WHAT YOU ARE ASKED TO DO:
Return, verbatim and in full, the records that follow, but not their pictures.

DATA SHOWN:
[Start of Attachment]

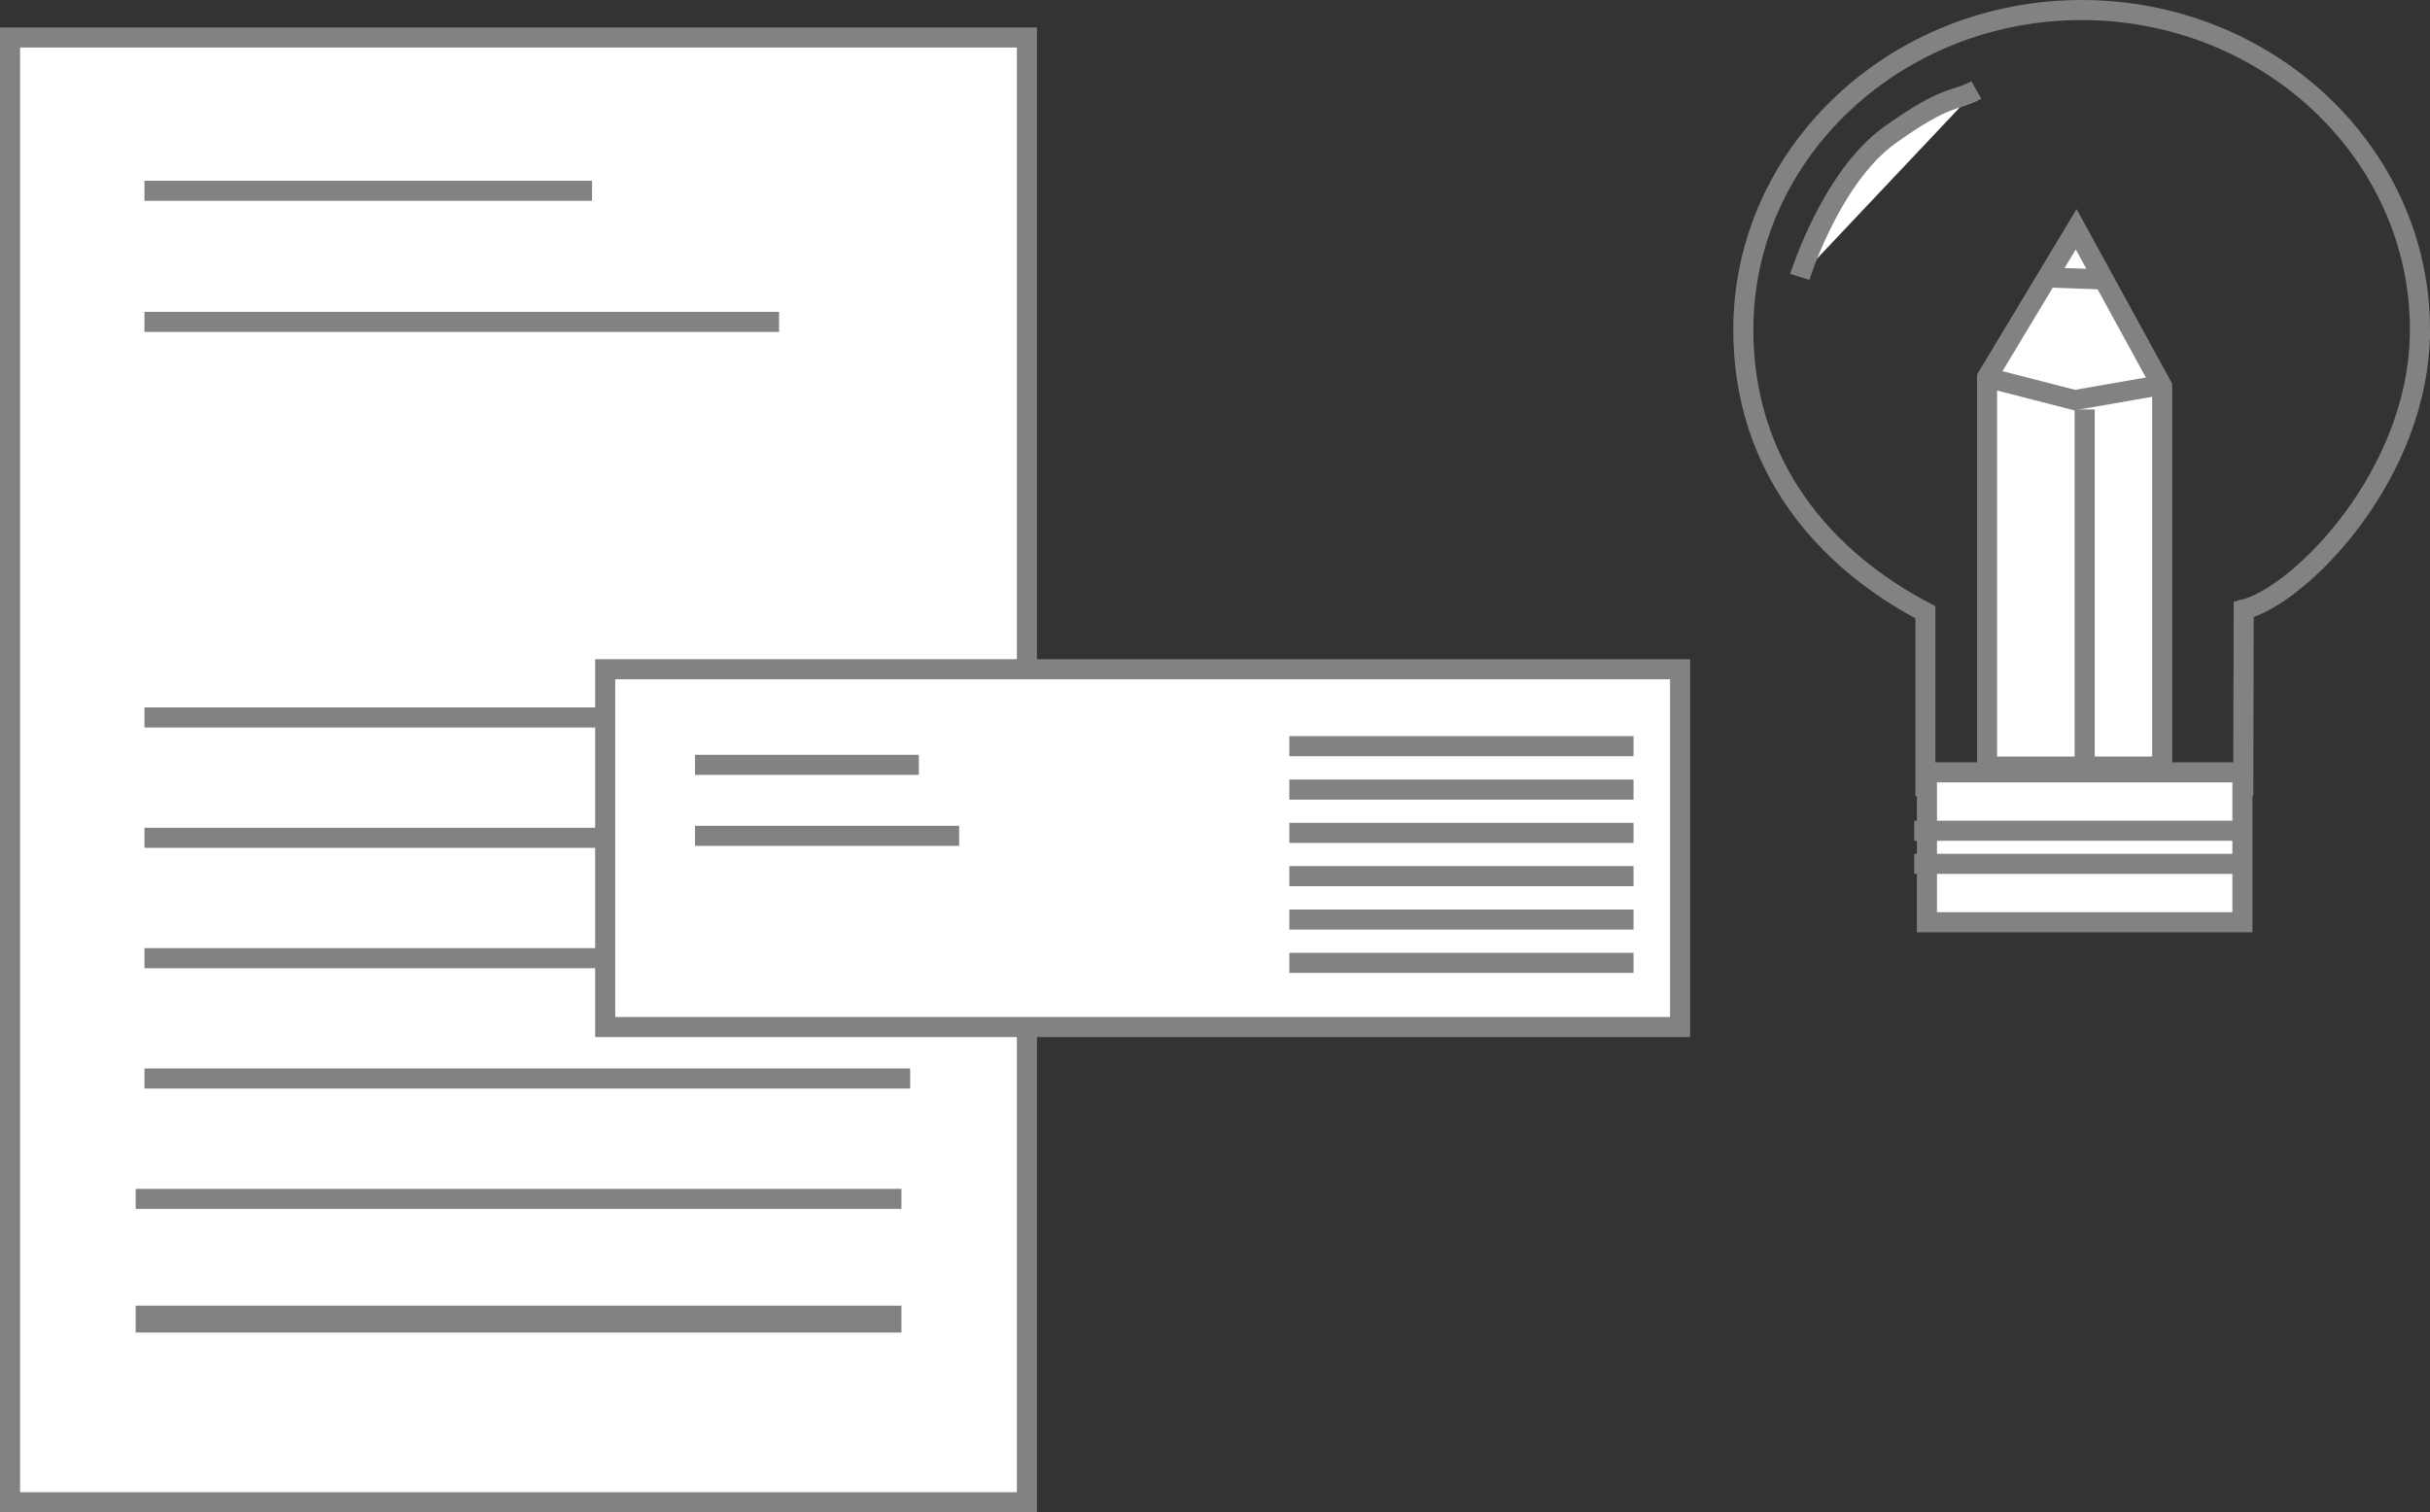 <?xml version="1.0" encoding="UTF-8"?>
<svg id="Livello_2" data-name="Livello 2" xmlns="http://www.w3.org/2000/svg" viewBox="0 0 171.77 106.93">
  <rect x="0" y="0" width="171.77" height="106.93" fill="#333333" stroke="none"/>
  <defs>
    <style>
      .cls-1, .cls-2 {
        stroke-width: 1.42px;
      }

      .cls-1, .cls-2, .cls-3 {
        fill: none;
        stroke: #838281;
      }

      .cls-2 {
        stroke-miterlimit: 10;
      }

      .cls-4 {
        fill: #fff;
      }

      .cls-3 {
        stroke-width: 1.9px;
      }
    </style>
  </defs>
  <g id="slide_apertuura" data-name="slide apertuura">
    <g>
      <rect class="cls-4" x=".71" y="2.65" width="71.88" height="103.57"/>
      <rect class="cls-1" x=".71" y="2.65" width="71.88" height="103.57"/>
      <line class="cls-1" x1="10.21" y1="13.49" x2="41.85" y2="13.49"/>
      <line class="cls-1" x1="10.21" y1="22.76" x2="55.07" y2="22.76"/>
      <line class="cls-1" x1="10.21" y1="50.73" x2="64.34" y2="50.73"/>
      <line class="cls-1" x1="10.21" y1="59.24" x2="64.34" y2="59.24"/>
      <line class="cls-1" x1="10.21" y1="67.75" x2="64.34" y2="67.75"/>
      <line class="cls-1" x1="10.21" y1="76.26" x2="64.34" y2="76.26"/>
      <line class="cls-1" x1="9.59" y1="84.77" x2="63.72" y2="84.77"/>
      <line class="cls-3" x1="9.59" y1="93.27" x2="63.72" y2="93.27"/>
      <rect class="cls-4" x="42.78" y="47.32" width="75.98" height="25.3"/>
      <rect class="cls-1" x="42.78" y="47.32" width="75.98" height="25.3"/>
      <line class="cls-1" x1="91.14" y1="52.76" x2="115.47" y2="52.76"/>
      <line class="cls-1" x1="91.14" y1="55.83" x2="115.47" y2="55.83"/>
      <line class="cls-1" x1="91.14" y1="58.89" x2="115.47" y2="58.89"/>
      <line class="cls-1" x1="91.14" y1="61.95" x2="115.47" y2="61.95"/>
      <line class="cls-1" x1="91.14" y1="65.02" x2="115.47" y2="65.02"/>
      <line class="cls-1" x1="91.14" y1="68.08" x2="115.47" y2="68.08"/>
      <line class="cls-1" x1="49.13" y1="54.08" x2="64.95" y2="54.08"/>
      <line class="cls-1" x1="49.13" y1="59.1" x2="67.8" y2="59.1"/>
      <path class="cls-4" d="M127.22,19.58s2.19-7.03,6.35-10.02c4.16-2.98,4.59-2.34,6.13-3.2"/>
      <path class="cls-2" d="M127.22,19.58s2.19-7.03,6.35-10.02c4.16-2.98,4.59-2.34,6.13-3.2"/>
      <polygon class="cls-4" points="140.46 54.2 140.46 26.68 146.76 16.21 152.84 27.32 152.84 54.2 140.46 54.2"/>
      <polygon class="cls-2" points="140.46 54.2 140.46 26.68 146.76 16.21 152.84 27.32 152.84 54.2 140.46 54.2"/>
      <line class="cls-2" x1="147.36" y1="55.09" x2="147.36" y2="28.95"/>
      <polyline class="cls-2" points="140.28 26.65 146.65 28.29 153.02 27.18"/>
      <path class="cls-2" d="M171.06,23.31c0,10.31-8.58,18.86-12.46,19.79l-.03,12.48h-22.47v-12.29c-7.03-3.67-12.87-10.23-12.87-19.98,0-12.48,10.75-22.6,23.92-22.6s23.91,10.12,23.91,22.6Z"/>
      <line class="cls-2" x1="144.5" y1="19.61" x2="148.91" y2="19.77"/>
      <rect class="cls-4" x="136.21" y="54.61" width="22.3" height="10.6"/>
      <rect class="cls-2" x="136.21" y="54.61" width="22.3" height="10.6"/>
      <line class="cls-2" x1="135.31" y1="61.08" x2="157.99" y2="61.08"/>
      <line class="cls-2" x1="135.31" y1="58.74" x2="157.99" y2="58.74"/>
    </g>
  </g>
</svg>

[End of Attachment]

WRITTEN REPLY:
 <?xml version="1.0" encoding="UTF-8"?>
<svg id="Livello_2" data-name="Livello 2" xmlns="http://www.w3.org/2000/svg" viewBox="0 0 171.77 106.93">
  <rect x="0" y="0" width="171.77" height="106.93" fill="#333333" stroke="none"/>
  <defs>
    <style>
      .cls-1, .cls-2 {
        stroke-width: 1.42px;
      }

      .cls-1, .cls-2, .cls-3 {
        fill: none;
        stroke: #838281;
      }

      .cls-2 {
        stroke-miterlimit: 10;
      }

      .cls-4 {
        fill: #fff;
      }

      .cls-3 {
        stroke-width: 1.9px;
      }
    </style>
  </defs>
  <g id="slide_apertuura" data-name="slide apertuura">
    <g>
      <rect class="cls-4" x=".71" y="2.65" width="71.88" height="103.57"/>
      <rect class="cls-1" x=".71" y="2.65" width="71.88" height="103.57"/>
      <line class="cls-1" x1="10.21" y1="13.49" x2="41.85" y2="13.49"/>
      <line class="cls-1" x1="10.21" y1="22.76" x2="55.07" y2="22.76"/>
      <line class="cls-1" x1="10.21" y1="50.73" x2="64.34" y2="50.73"/>
      <line class="cls-1" x1="10.21" y1="59.24" x2="64.34" y2="59.24"/>
      <line class="cls-1" x1="10.21" y1="67.75" x2="64.34" y2="67.75"/>
      <line class="cls-1" x1="10.21" y1="76.26" x2="64.34" y2="76.26"/>
      <line class="cls-1" x1="9.59" y1="84.77" x2="63.72" y2="84.77"/>
      <line class="cls-3" x1="9.59" y1="93.27" x2="63.72" y2="93.27"/>
      <rect class="cls-4" x="42.78" y="47.32" width="75.98" height="25.3"/>
      <rect class="cls-1" x="42.78" y="47.32" width="75.98" height="25.3"/>
      <line class="cls-1" x1="91.14" y1="52.76" x2="115.47" y2="52.76"/>
      <line class="cls-1" x1="91.14" y1="55.83" x2="115.47" y2="55.83"/>
      <line class="cls-1" x1="91.14" y1="58.89" x2="115.47" y2="58.89"/>
      <line class="cls-1" x1="91.14" y1="61.95" x2="115.47" y2="61.95"/>
      <line class="cls-1" x1="91.14" y1="65.02" x2="115.47" y2="65.02"/>
      <line class="cls-1" x1="91.14" y1="68.08" x2="115.47" y2="68.08"/>
      <line class="cls-1" x1="49.13" y1="54.08" x2="64.95" y2="54.08"/>
      <line class="cls-1" x1="49.13" y1="59.1" x2="67.8" y2="59.1"/>
      <path class="cls-4" d="M127.22,19.58s2.19-7.03,6.35-10.02c4.16-2.98,4.59-2.34,6.13-3.2"/>
      <path class="cls-2" d="M127.22,19.58s2.19-7.03,6.35-10.02c4.16-2.98,4.59-2.34,6.13-3.2"/>
      <polygon class="cls-4" points="140.46 54.2 140.46 26.68 146.76 16.21 152.84 27.32 152.84 54.2 140.46 54.2"/>
      <polygon class="cls-2" points="140.46 54.2 140.46 26.68 146.76 16.21 152.84 27.32 152.84 54.2 140.46 54.2"/>
      <line class="cls-2" x1="147.36" y1="55.09" x2="147.36" y2="28.95"/>
      <polyline class="cls-2" points="140.28 26.65 146.65 28.29 153.02 27.18"/>
      <path class="cls-2" d="M171.06,23.31c0,10.31-8.58,18.86-12.46,19.79l-.03,12.48h-22.47v-12.29c-7.03-3.67-12.87-10.23-12.87-19.98,0-12.48,10.75-22.6,23.92-22.6s23.91,10.12,23.91,22.6Z"/>
      <line class="cls-2" x1="144.5" y1="19.61" x2="148.91" y2="19.77"/>
      <rect class="cls-4" x="136.21" y="54.61" width="22.3" height="10.6"/>
      <rect class="cls-2" x="136.21" y="54.61" width="22.3" height="10.6"/>
      <line class="cls-2" x1="135.31" y1="61.08" x2="157.99" y2="61.08"/>
      <line class="cls-2" x1="135.31" y1="58.74" x2="157.99" y2="58.74"/>
    </g>
  </g>
</svg>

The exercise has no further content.